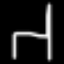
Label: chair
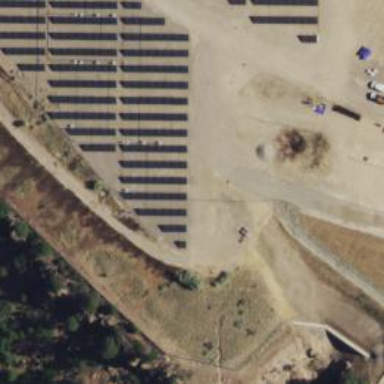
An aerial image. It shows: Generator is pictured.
+===+
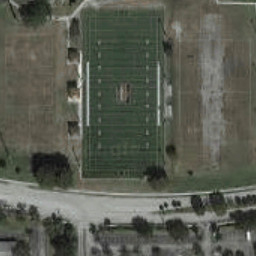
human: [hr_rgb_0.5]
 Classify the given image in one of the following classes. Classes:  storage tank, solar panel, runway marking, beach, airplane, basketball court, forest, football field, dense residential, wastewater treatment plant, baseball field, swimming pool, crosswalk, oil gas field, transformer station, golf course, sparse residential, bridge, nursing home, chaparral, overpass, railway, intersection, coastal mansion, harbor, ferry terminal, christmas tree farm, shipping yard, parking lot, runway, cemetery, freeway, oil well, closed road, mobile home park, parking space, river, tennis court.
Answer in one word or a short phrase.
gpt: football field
+===+
- _Assigned task_: Give only the number of lines in the data that hold the word "football".

- _Response area_: 2